I started thinking about the capital campaign that my parish is currently running. In the parish described in chapter 3, that wouldn’t even be an issue. Of course, the parish described in chapter 3 has not just gone through a parish merger within the last 5 years. Want to mess with people’s connection to the Church? Merge (or close) their parish. There has to be a better way. I think our parish has weathered the storm better than many others in the area, but it has been difficult in many ways and, yes, many people have walked away.

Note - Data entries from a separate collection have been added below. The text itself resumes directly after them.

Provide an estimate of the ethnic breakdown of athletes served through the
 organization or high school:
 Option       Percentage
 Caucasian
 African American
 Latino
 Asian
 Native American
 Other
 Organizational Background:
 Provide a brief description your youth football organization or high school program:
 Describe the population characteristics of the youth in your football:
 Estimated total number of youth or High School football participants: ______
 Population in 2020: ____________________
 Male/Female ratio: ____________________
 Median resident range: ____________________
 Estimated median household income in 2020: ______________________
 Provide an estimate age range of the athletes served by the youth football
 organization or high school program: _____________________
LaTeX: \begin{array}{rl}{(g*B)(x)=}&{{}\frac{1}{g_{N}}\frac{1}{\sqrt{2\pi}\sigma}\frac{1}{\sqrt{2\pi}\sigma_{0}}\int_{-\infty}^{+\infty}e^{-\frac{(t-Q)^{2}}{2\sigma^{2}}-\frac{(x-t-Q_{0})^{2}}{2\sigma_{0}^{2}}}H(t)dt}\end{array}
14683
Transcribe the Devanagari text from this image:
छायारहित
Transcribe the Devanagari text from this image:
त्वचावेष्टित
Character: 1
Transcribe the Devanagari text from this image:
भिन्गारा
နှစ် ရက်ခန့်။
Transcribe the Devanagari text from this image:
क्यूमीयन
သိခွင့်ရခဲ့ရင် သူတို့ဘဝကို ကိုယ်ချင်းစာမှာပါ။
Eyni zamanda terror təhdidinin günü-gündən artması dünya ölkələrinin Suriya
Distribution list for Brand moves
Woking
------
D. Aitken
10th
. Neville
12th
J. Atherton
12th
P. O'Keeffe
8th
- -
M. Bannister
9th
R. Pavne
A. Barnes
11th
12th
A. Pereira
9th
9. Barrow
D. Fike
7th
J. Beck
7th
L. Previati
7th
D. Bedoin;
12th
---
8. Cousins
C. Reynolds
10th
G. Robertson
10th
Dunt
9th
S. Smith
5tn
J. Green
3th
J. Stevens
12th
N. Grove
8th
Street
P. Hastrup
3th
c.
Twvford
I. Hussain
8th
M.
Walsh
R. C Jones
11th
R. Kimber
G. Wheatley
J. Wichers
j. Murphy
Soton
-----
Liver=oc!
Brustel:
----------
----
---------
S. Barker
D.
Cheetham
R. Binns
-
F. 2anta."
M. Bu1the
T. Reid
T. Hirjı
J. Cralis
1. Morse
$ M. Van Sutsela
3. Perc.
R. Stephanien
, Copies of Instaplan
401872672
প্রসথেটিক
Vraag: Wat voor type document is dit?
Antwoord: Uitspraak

But then I started thinking about “charism.” On page 92, “charism” is described as a “‘gratuitious grace’ given to a member of the body of Christ to empower him or her to build up the Church and to witness Christ to the world.” And I started thinking about what’s on my calendar for tonight.

My charism is music. Music, for me, is a way to serve, a way to pray, a way to build community. When I was a fourth-grader beginning piano lessons, my music teacher encouraged all her students to occasionally come with her to the Masses she played at a local parish. She would play the organ, and we children would sing. Two songs that were always on the menu:  “Seek Ye First” and “All Creatures of Our God and King.” In harmony–with almost no rehearsal. I was blessed to have the experience, at the age of 9, 10, 11 years old, of using song as a form of worship. I have never stopped.

For over 30 years I have been part of folk groups–at the various parishes where I’ve lived and at the music ministries of 3 universities. In my current parish, I believe that our folk group has become for me (and I hope for others) a means to discipleship.

Folk groups are not the most popular ensembles for church music these days. And I will be the first to admit that there are times when we are not as reverent as we could and should be. However, we know what we are there to do, and we take that very seriously. We are not there to perform for the priest, the congregation, or for God. We are there to lead the congregation in sung prayer.

When we get together for our Wednesday night practice (also known as folk-group therapy) we are intentional about making sure the hymns we use are accessible to the assembly. Sometimes that means we transpose the music. Sometimes that means we rearrange the hymn selection within the Mass, or swap out one hymn for another as needed. We smile when we see little kids dancing in the pews to the entrance hymn. That means they are feeling the joy that we feel as we play and sing. Our goal is always to sing it like we mean it–and to inspire the assembly to do the same. When people approach us and tell us that we make it easy for them to be able to sing at Mass, we know we are doing our job.

I am blessed to be part of the folk group at my parish. We make a commitment to get together to rehearse each week. During that rehearsal, we practice the music. We discuss the lyrics. We share what we do (or do not) like about particular hymns. All of that makes us better musicians and better ministers. We also laugh together (a lot) and even cry together. Our bond has made us better friends and better ministers.

Hopefully it is making us better disciples.